On July 2, 1930, Independence pitcher Colonel Bob House had nineteen strikeouts against the Springfield Midgets, which was a Western Association league record for strikeouts in a single game. Four days later the Producers had eight home runs in a game against the Muskogee Chiefs setting a league record.

The Independence Yankees were formed in 1947 as an expansion team in the Class D level Kansas-Oklahoma-Missouri League. The franchise remained in the league as an affiliate of the New York Yankees (1947–1950) and St. Louis Browns (1952). The team did not play in 1951, and became the Independence Browns in 1952. The Kansas-Oklahoma-Missouri League permanently folded after the 1952 season.

===Championship teams===
In 20 seasons of minor league play, Independence had successes on the field. The 1906 Independence Coyotes won the Kansas State League championship with a 69–48 record. Changing leagues when the Kansas State League folded, the franchise played 1907 as the Independence Champs.

The 1921 Independence Producers finished with a record of 100–38 in taking the Southwestern League Championship. The team is ranked #77 on The National Baseball Association's top 100 minor league teams by MiLB.com and Baseball Historians Bill Weiss and Marshall Wright.

The 1930 Producers were the Western Association Champions, defeating the Joplin Miners in the championship series. It was the first time the series had been played at night.

The 1948 and 1949 Independence Yankees won the Kansas-Oklahoma-Missouri League Championship in back-to-back seasons. Independence finished 74–46 in 1948 under Hall of Fame member Burleigh Grimes and 71–53 under Harry Craft in 1949. The 1949 Independence Yankees featured a 17–year old Mickey Mantle playing shortstop.

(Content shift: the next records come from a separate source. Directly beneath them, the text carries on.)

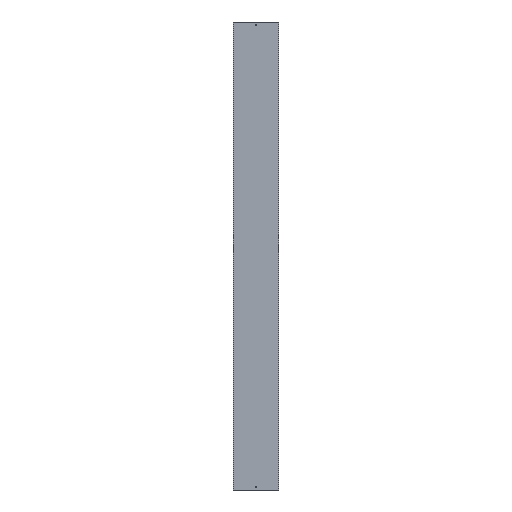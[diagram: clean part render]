
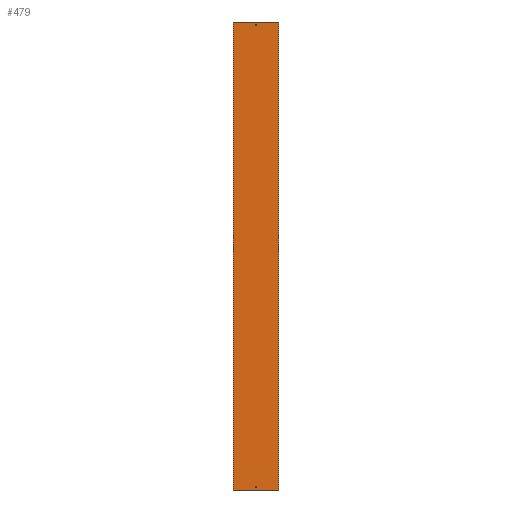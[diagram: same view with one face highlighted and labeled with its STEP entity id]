
A CAD part, front view. The second image highlights one B-rep face of the part: STEP entity #479.
In plain terms, the highlighted planar face has unit normal (0, -1, 0).
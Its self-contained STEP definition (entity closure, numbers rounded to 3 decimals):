
#5 = VERTEX_POINT ( 'NONE', #536 ) ;
#8 = EDGE_CURVE ( 'NONE', #559, #374, #463, .T. ) ;
#13 = AXIS2_PLACEMENT_3D ( 'NONE', #291, #244, #58 ) ;
#14 = EDGE_LOOP ( 'NONE', ( #234, #611 ) ) ;
#17 = FACE_BOUND ( 'NONE', #14, .T. ) ;
#31 = CARTESIAN_POINT ( 'NONE',  ( -2.75, -1.5, 986. ) ) ;
#57 = PLANE ( 'NONE',  #420 ) ;
#58 = DIRECTION ( 'NONE',  ( 1., 0., 0. ) ) ;
#103 = AXIS2_PLACEMENT_3D ( 'NONE', #570, #477, #610 ) ;
#106 = LINE ( 'NONE', #441, #262 ) ;
#121 = VERTEX_POINT ( 'NONE', #213 ) ;
#146 = EDGE_CURVE ( 'NONE', #590, #415, #554, .T. ) ;
#149 = ORIENTED_EDGE ( 'NONE', *, *, #212, .F. ) ;
#151 = FACE_OUTER_BOUND ( 'NONE', #225, .T. ) ;
#157 = FACE_BOUND ( 'NONE', #192, .T. ) ;
#162 = LINE ( 'NONE', #172, #185 ) ;
#172 = CARTESIAN_POINT ( 'NONE',  ( 94., -1.5, 1000. ) ) ;
#185 = VECTOR ( 'NONE', #357, 1000. ) ;
#192 = EDGE_LOOP ( 'NONE', ( #490, #426 ) ) ;
#208 = DIRECTION ( 'NONE',  ( -1., 0., 0. ) ) ;
#212 = EDGE_CURVE ( 'NONE', #5, #121, #162, .T. ) ;
#213 = CARTESIAN_POINT ( 'NONE',  ( 96.183, -1.5, 1000. ) ) ;
#225 = EDGE_LOOP ( 'NONE', ( #470, #568, #149, #384 ) ) ;
#234 = ORIENTED_EDGE ( 'NONE', *, *, #338, .F. ) ;
#235 = CARTESIAN_POINT ( 'NONE',  ( -96.183, -1.5, 1000. ) ) ;
#241 = VECTOR ( 'NONE', #454, 1000. ) ;
#244 = DIRECTION ( 'NONE',  ( 0., -1., 0. ) ) ;
#248 = CARTESIAN_POINT ( 'NONE',  ( 94., -1.5, 1000. ) ) ;
#262 = VECTOR ( 'NONE', #293, 1000. ) ;
#269 = DIRECTION ( 'NONE',  ( 0., -1., 0. ) ) ;
#291 = CARTESIAN_POINT ( 'NONE',  ( 0., -1.5, 986. ) ) ;
#293 = DIRECTION ( 'NONE',  ( 0., 0., -1. ) ) ;
#322 = EDGE_CURVE ( 'NONE', #5, #590, #523, .T. ) ;
#329 = VERTEX_POINT ( 'NONE', #422 ) ;
#338 = EDGE_CURVE ( 'NONE', #537, #329, #410, .T. ) ;
#347 = CIRCLE ( 'NONE', #382, 2.75 ) ;
#357 = DIRECTION ( 'NONE',  ( 1., 0., 0. ) ) ;
#361 = EDGE_CURVE ( 'NONE', #329, #537, #514, .T. ) ;
#370 = VECTOR ( 'NONE', #425, 1000. ) ;
#374 = VERTEX_POINT ( 'NONE', #558 ) ;
#377 = DIRECTION ( 'NONE',  ( 0., -1., 0. ) ) ;
#382 = AXIS2_PLACEMENT_3D ( 'NONE', #495, #269, #546 ) ;
#384 = ORIENTED_EDGE ( 'NONE', *, *, #322, .T. ) ;
#388 = CARTESIAN_POINT ( 'NONE',  ( 96.183, -1.5, -1000. ) ) ;
#408 = CARTESIAN_POINT ( 'NONE',  ( -96.183, -1.5, -1000. ) ) ;
#410 = CIRCLE ( 'NONE', #103, 2.75 ) ;
#414 = CARTESIAN_POINT ( 'NONE',  ( 0., -1.5, -986. ) ) ;
#415 = VERTEX_POINT ( 'NONE', #388 ) ;
#420 = AXIS2_PLACEMENT_3D ( 'NONE', #248, #436, #208 ) ;
#422 = CARTESIAN_POINT ( 'NONE',  ( -2.75, -1.5, -986. ) ) ;
#425 = DIRECTION ( 'NONE',  ( 0., 0., -1. ) ) ;
#426 = ORIENTED_EDGE ( 'NONE', *, *, #8, .F. ) ;
#436 = DIRECTION ( 'NONE',  ( 0., 1., 0. ) ) ;
#441 = CARTESIAN_POINT ( 'NONE',  ( 96.183, -1.5, 1000. ) ) ;
#454 = DIRECTION ( 'NONE',  ( 1., 0., 0. ) ) ;
#463 = CIRCLE ( 'NONE', #13, 2.75 ) ;
#470 = ORIENTED_EDGE ( 'NONE', *, *, #146, .T. ) ;
#476 = EDGE_CURVE ( 'NONE', #121, #415, #106, .T. ) ;
#477 = DIRECTION ( 'NONE',  ( 0., -1., 0. ) ) ;
#479 = ADVANCED_FACE ( 'NONE', ( #157, #17, #151 ), #57, .F. ) ;
#483 = AXIS2_PLACEMENT_3D ( 'NONE', #414, #377, #567 ) ;
#490 = ORIENTED_EDGE ( 'NONE', *, *, #564, .F. ) ;
#495 = CARTESIAN_POINT ( 'NONE',  ( 0., -1.5, 986. ) ) ;
#504 = CARTESIAN_POINT ( 'NONE',  ( 2.75, -1.5, -986. ) ) ;
#514 = CIRCLE ( 'NONE', #483, 2.75 ) ;
#523 = LINE ( 'NONE', #235, #370 ) ;
#536 = CARTESIAN_POINT ( 'NONE',  ( -96.183, -1.5, 1000. ) ) ;
#537 = VERTEX_POINT ( 'NONE', #504 ) ;
#546 = DIRECTION ( 'NONE',  ( 1., 0., 0. ) ) ;
#554 = LINE ( 'NONE', #589, #241 ) ;
#558 = CARTESIAN_POINT ( 'NONE',  ( 2.75, -1.5, 986. ) ) ;
#559 = VERTEX_POINT ( 'NONE', #31 ) ;
#564 = EDGE_CURVE ( 'NONE', #374, #559, #347, .T. ) ;
#567 = DIRECTION ( 'NONE',  ( -1., 0., 0. ) ) ;
#568 = ORIENTED_EDGE ( 'NONE', *, *, #476, .F. ) ;
#570 = CARTESIAN_POINT ( 'NONE',  ( 0., -1.5, -986. ) ) ;
#589 = CARTESIAN_POINT ( 'NONE',  ( 94., -1.5, -1000. ) ) ;
#590 = VERTEX_POINT ( 'NONE', #408 ) ;
#610 = DIRECTION ( 'NONE',  ( -1., 0., 0. ) ) ;
#611 = ORIENTED_EDGE ( 'NONE', *, *, #361, .F. ) ;

After the 1952 Independence Browns, Independence has not hosted another minor league team.

===Mickey Mantle 1949===
In 1949, Mickey Mantle began his professional career with Independence as a 17–year–old. Mantle hit .313 with 7 home runs for the Independence Yankees, as the team finished with 71–53 record and the league championship.

==The ballpark==
Beginning in 1921, Independence teams played at Riverside Stadium, located on East Oak Street. The stadium was later named Producers Park and Shulthis Stadium. Built in 1918 by A.W. Shulthis, the stadium reportedly hosted the first night game in organized baseball, on April 28, 1930. Now part of the athletic field for Unified School District 446, the original grandstand remained as part of a new multipurpose complex until it was demolished in 2015.

==Timeline==

| Year(s) | # Yrs. | Team | Level | League | Affiliate |
| 1896 | 1 | Independence | Independent | Kansas State League | None |
| 1906 | 1 | Independence Coyotes | Class D |
| 1907 | 1 | Independence Champs | Oklahoma-Arkansas-Kansas League |
| 1908 | 1 | Independence Jewelers | Oklahoma-Kansas League |
| 1911 | 1 | Independence Packers | Western Association |
| 1921 | 1 | Independence Producers | Southwestern League |
| 1922–1923 | 2 | Class C |
| 1924 | 1 | Class D |
| 1925, 1928–1932 | 6 | Class C | Western Association |
| 1947–1950 | 4 | Independence Yankees | Class D | Kansas-Oklahoma-Missouri League | New York Yankees |
| 1952 | 1 | Independence Browns | St. Louis Browns |

==Notable Independence alumni==
- Burleigh Grimes (1948, MGR) Inducted Baseball Hall of Fame, 1964
- Mickey Mantle (1949) Inducted Baseball Hall of Fame, 1974

- Don Taussig (1950)
- Bill Virdon (1950) 1955 National League Rookie of the Year
- Lou Skizas (1949)
- Harry Craft (1949, MGR) Cincinnati Reds Hall of Fame
- Bob Wiesler (1949)
- Jim Finigan (1948)
- Harry Bright (1947)
- Cy Blanton (1931) 2x MLB All-Star; National League ERA leader
- Joe Vance (1931)
- Bill Lewis (1930)
- Bill Walker (1922) MLB All-Star; 2x National League ERA leader
- Glenn Wright (1921)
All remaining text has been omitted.